Recorded data
•••

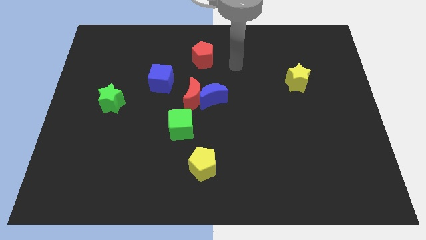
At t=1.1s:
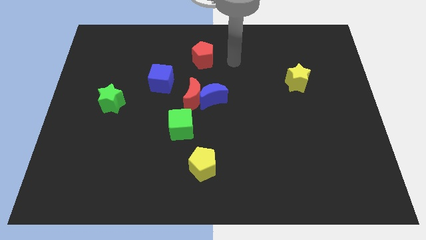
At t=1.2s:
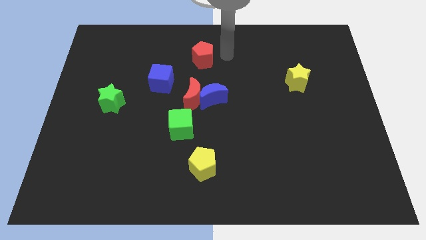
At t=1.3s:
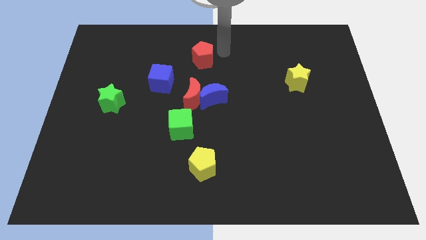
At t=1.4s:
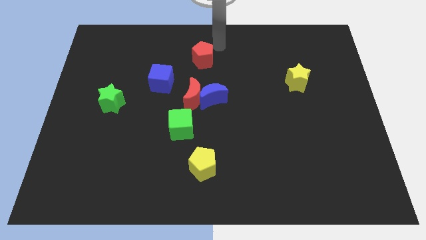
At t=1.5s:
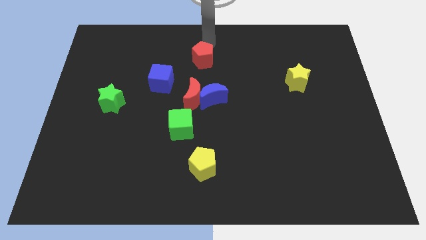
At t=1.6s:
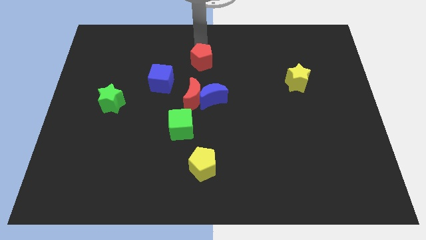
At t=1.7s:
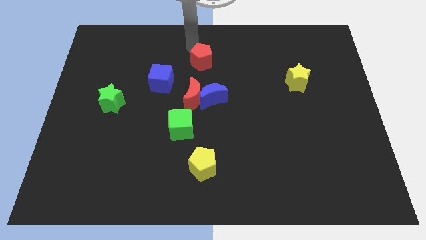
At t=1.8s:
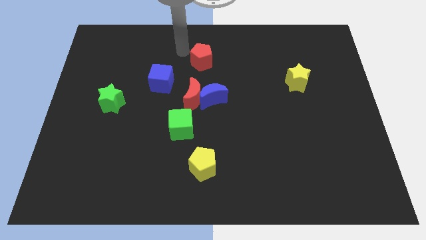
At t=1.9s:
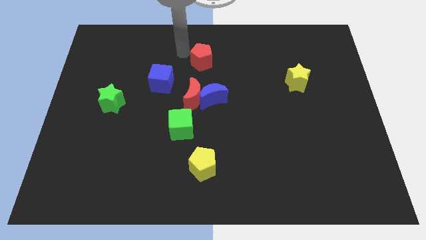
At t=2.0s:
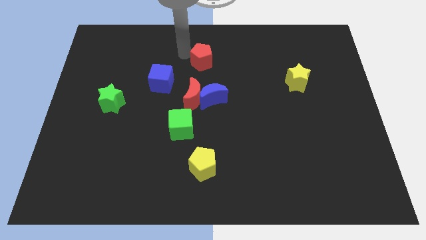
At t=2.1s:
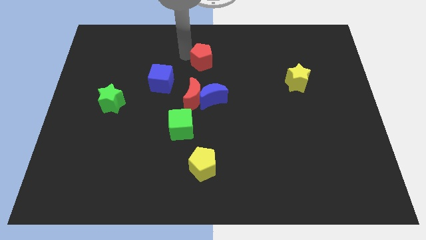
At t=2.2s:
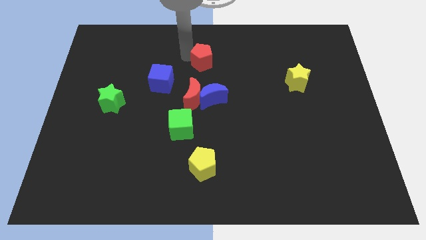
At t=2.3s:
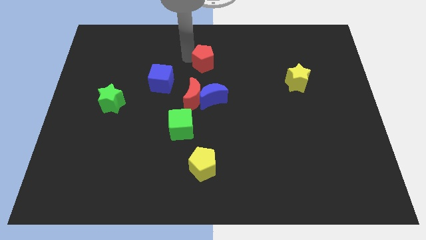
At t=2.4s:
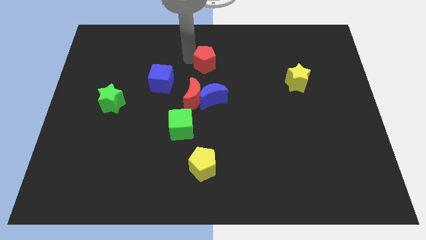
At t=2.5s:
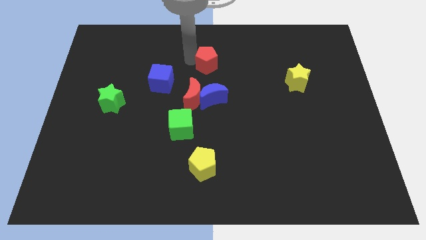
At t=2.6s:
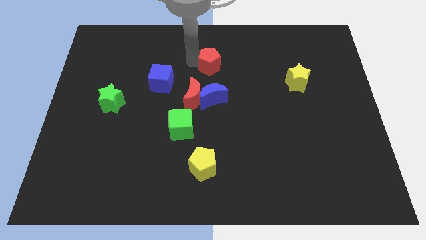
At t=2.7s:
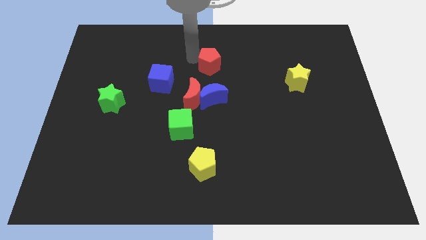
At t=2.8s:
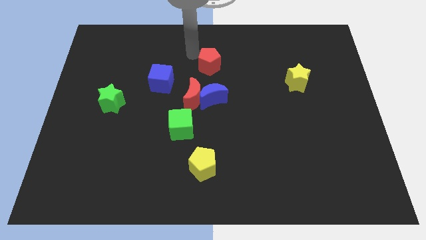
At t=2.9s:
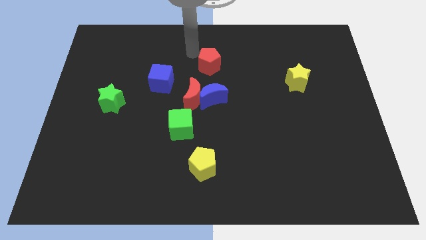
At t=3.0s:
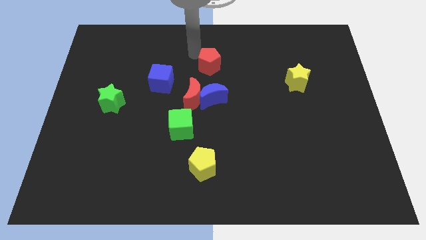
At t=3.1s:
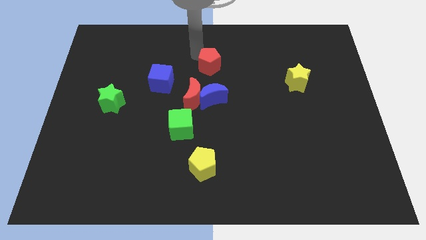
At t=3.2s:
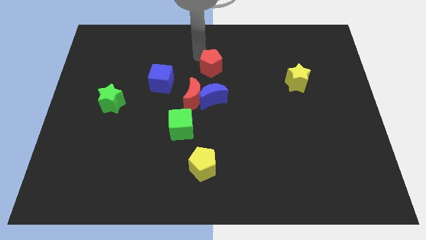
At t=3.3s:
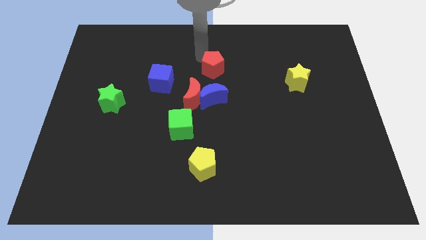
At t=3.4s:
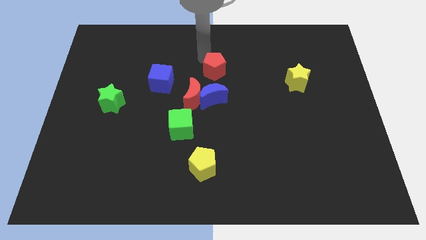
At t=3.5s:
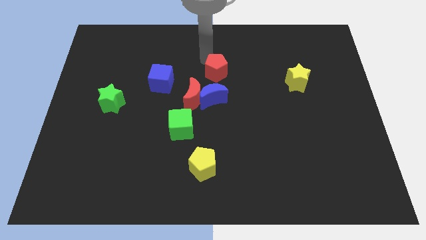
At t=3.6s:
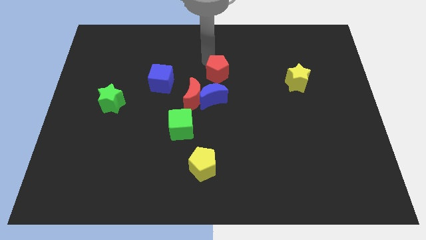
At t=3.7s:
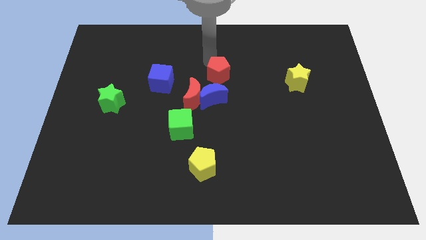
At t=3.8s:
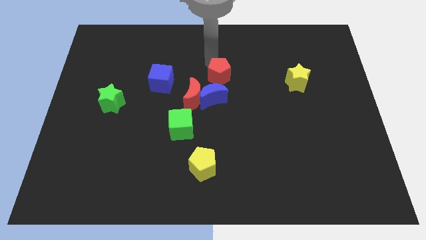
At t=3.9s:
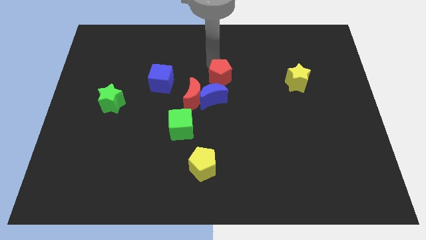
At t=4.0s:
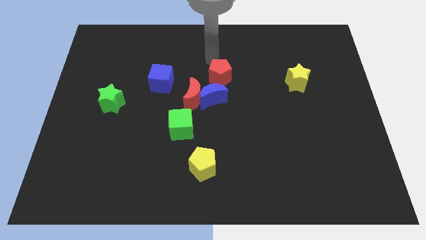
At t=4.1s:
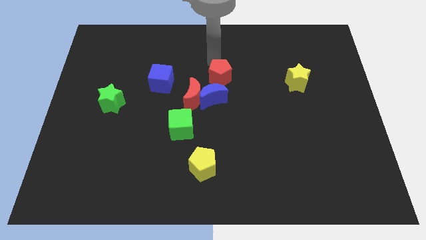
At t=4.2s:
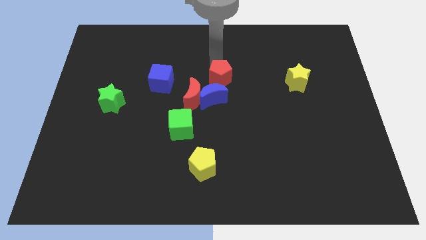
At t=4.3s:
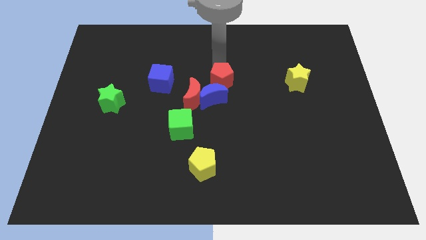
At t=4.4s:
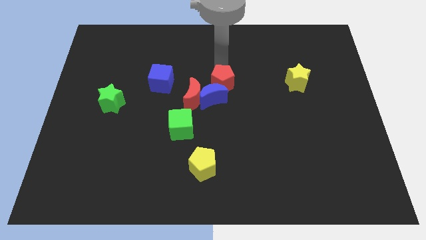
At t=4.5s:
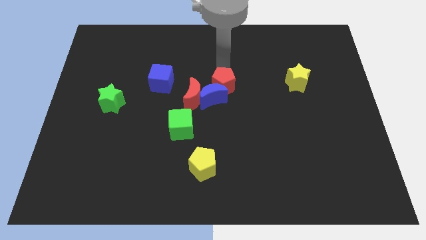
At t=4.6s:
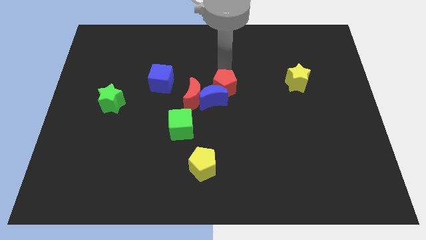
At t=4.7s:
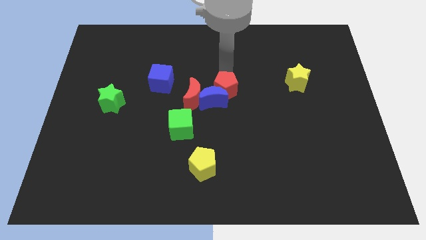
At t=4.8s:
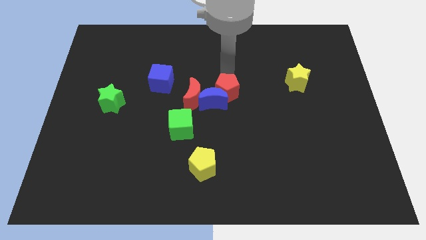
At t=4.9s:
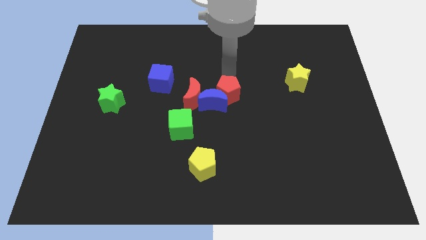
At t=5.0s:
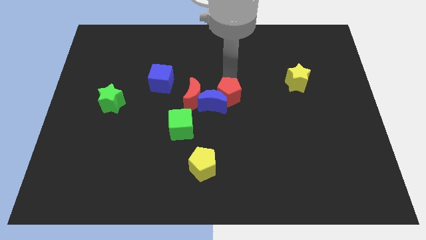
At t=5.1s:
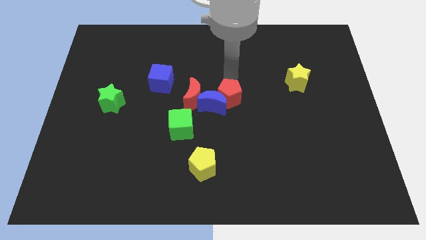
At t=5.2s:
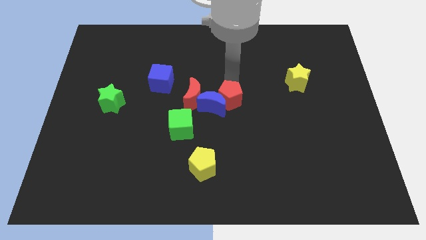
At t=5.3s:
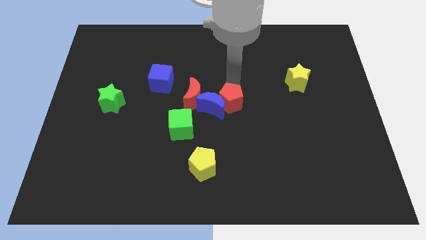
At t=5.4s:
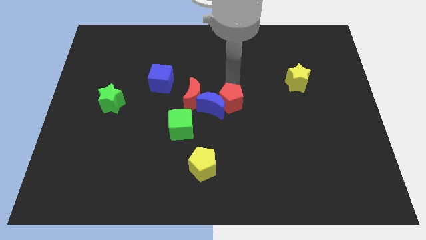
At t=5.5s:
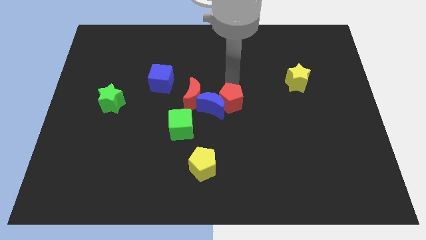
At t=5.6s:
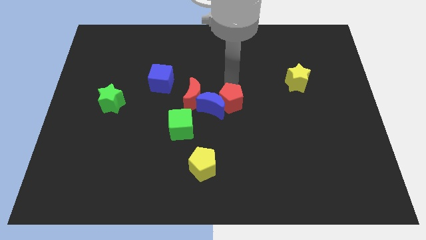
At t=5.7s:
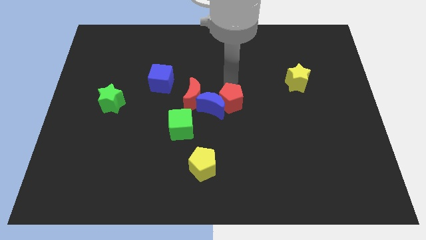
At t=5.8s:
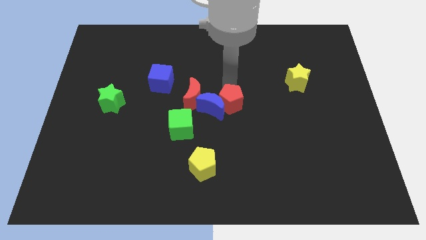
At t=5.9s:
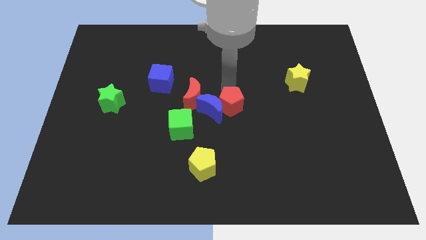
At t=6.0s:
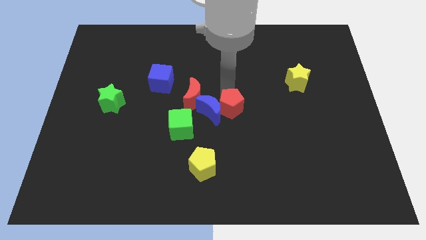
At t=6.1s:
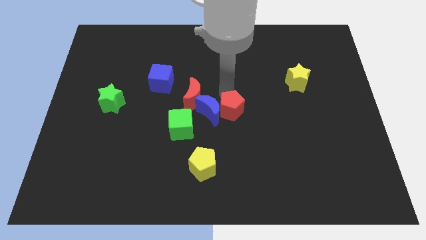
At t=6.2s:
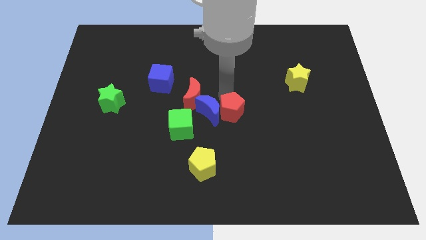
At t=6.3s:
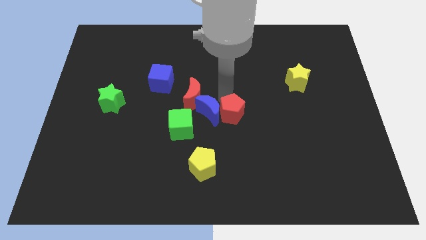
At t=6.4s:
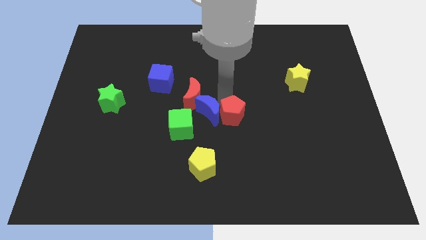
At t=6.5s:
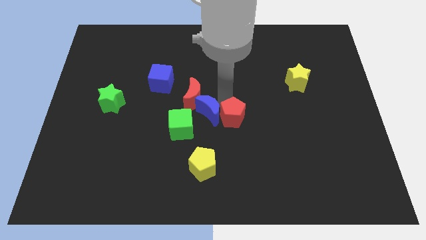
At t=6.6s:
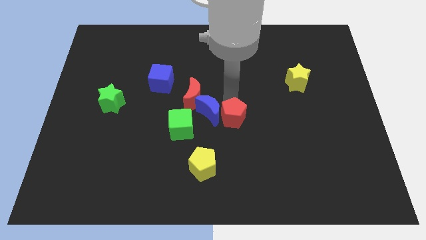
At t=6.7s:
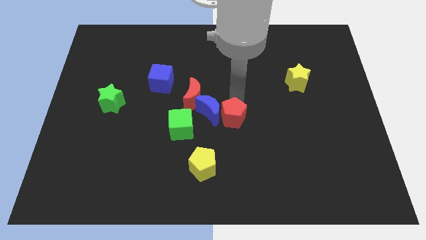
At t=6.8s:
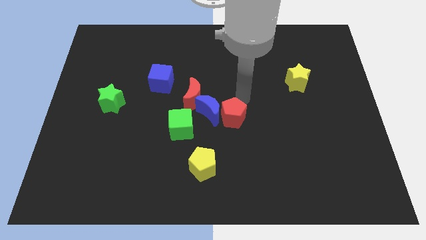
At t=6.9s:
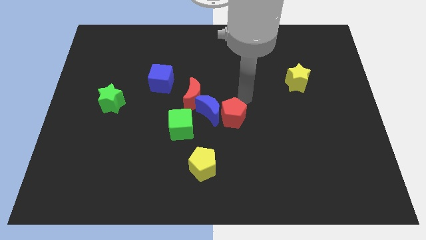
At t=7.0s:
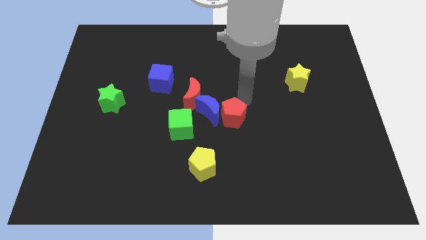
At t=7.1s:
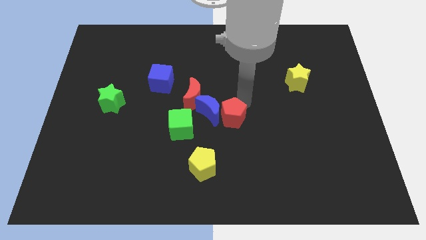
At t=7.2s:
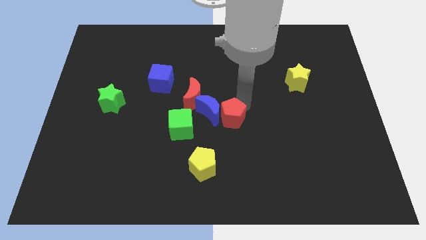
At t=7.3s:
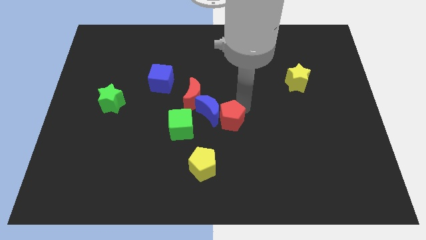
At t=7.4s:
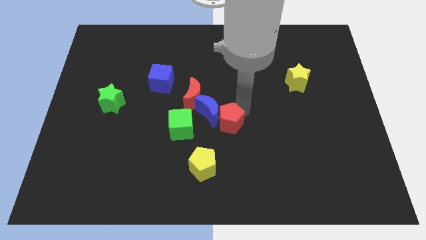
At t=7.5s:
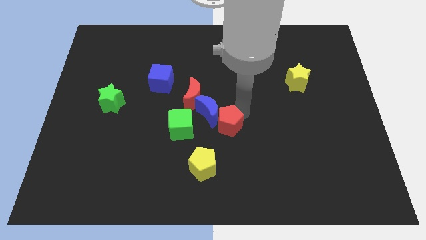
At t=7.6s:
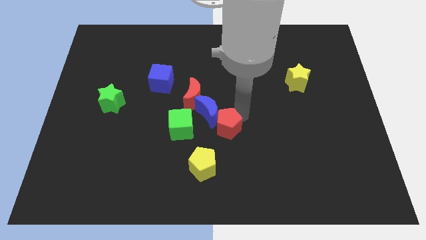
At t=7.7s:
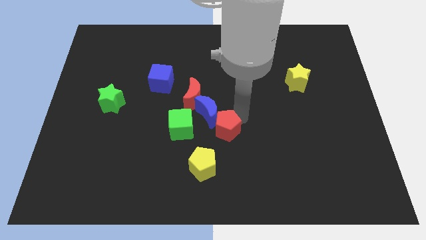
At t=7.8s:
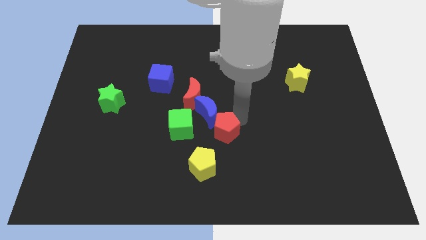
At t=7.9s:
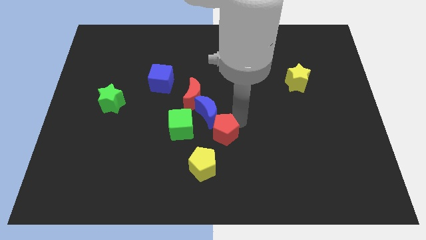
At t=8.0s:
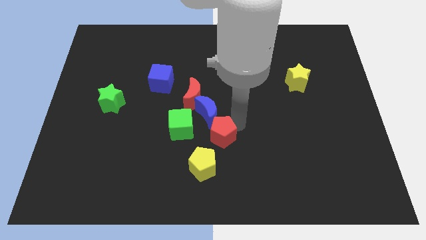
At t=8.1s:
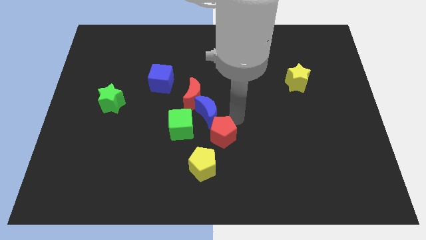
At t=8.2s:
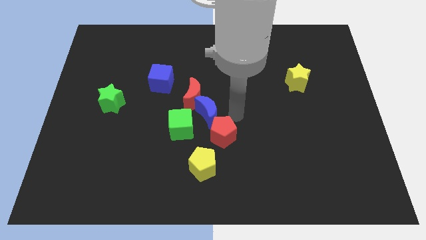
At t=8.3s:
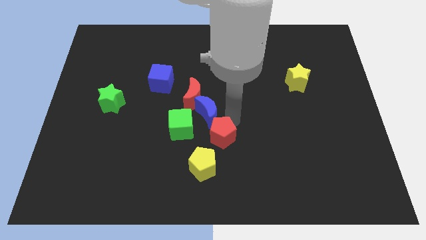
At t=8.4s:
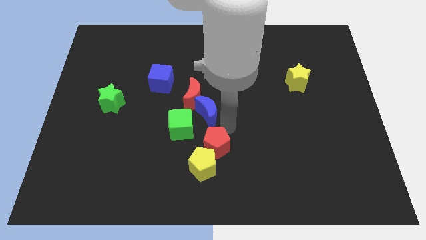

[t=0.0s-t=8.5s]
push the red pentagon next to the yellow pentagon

•••

• [The task]
Copy all the entries word for word. Omit any pictures.

• [Exercise solution]
At t=1.1s:
At t=1.2s:
At t=1.3s:
At t=1.4s:
At t=1.5s:
At t=1.6s:
At t=1.7s:
At t=1.8s:
At t=1.9s:
At t=2.0s:
At t=2.1s:
At t=2.2s:
At t=2.3s:
At t=2.4s:
At t=2.5s:
At t=2.6s:
At t=2.7s:
At t=2.8s:
At t=2.9s:
At t=3.0s:
At t=3.1s:
At t=3.2s:
At t=3.3s:
At t=3.4s:
At t=3.5s:
At t=3.6s:
At t=3.7s:
At t=3.8s:
At t=3.9s:
At t=4.0s:
At t=4.1s:
At t=4.2s:
At t=4.3s:
At t=4.4s:
At t=4.5s:
At t=4.6s:
At t=4.7s:
At t=4.8s:
At t=4.9s:
At t=5.0s:
At t=5.1s:
At t=5.2s:
At t=5.3s:
At t=5.4s:
At t=5.5s:
At t=5.6s:
At t=5.7s:
At t=5.8s:
At t=5.9s:
At t=6.0s:
At t=6.1s:
At t=6.2s:
At t=6.3s:
At t=6.4s:
At t=6.5s:
At t=6.6s:
At t=6.7s:
At t=6.8s:
At t=6.9s:
At t=7.0s:
At t=7.1s:
At t=7.2s:
At t=7.3s:
At t=7.4s:
At t=7.5s:
At t=7.6s:
At t=7.7s:
At t=7.8s:
At t=7.9s:
At t=8.0s:
At t=8.1s:
At t=8.2s:
At t=8.3s:
At t=8.4s:

[t=0.0s-t=8.5s]
push the red pentagon next to the yellow pentagon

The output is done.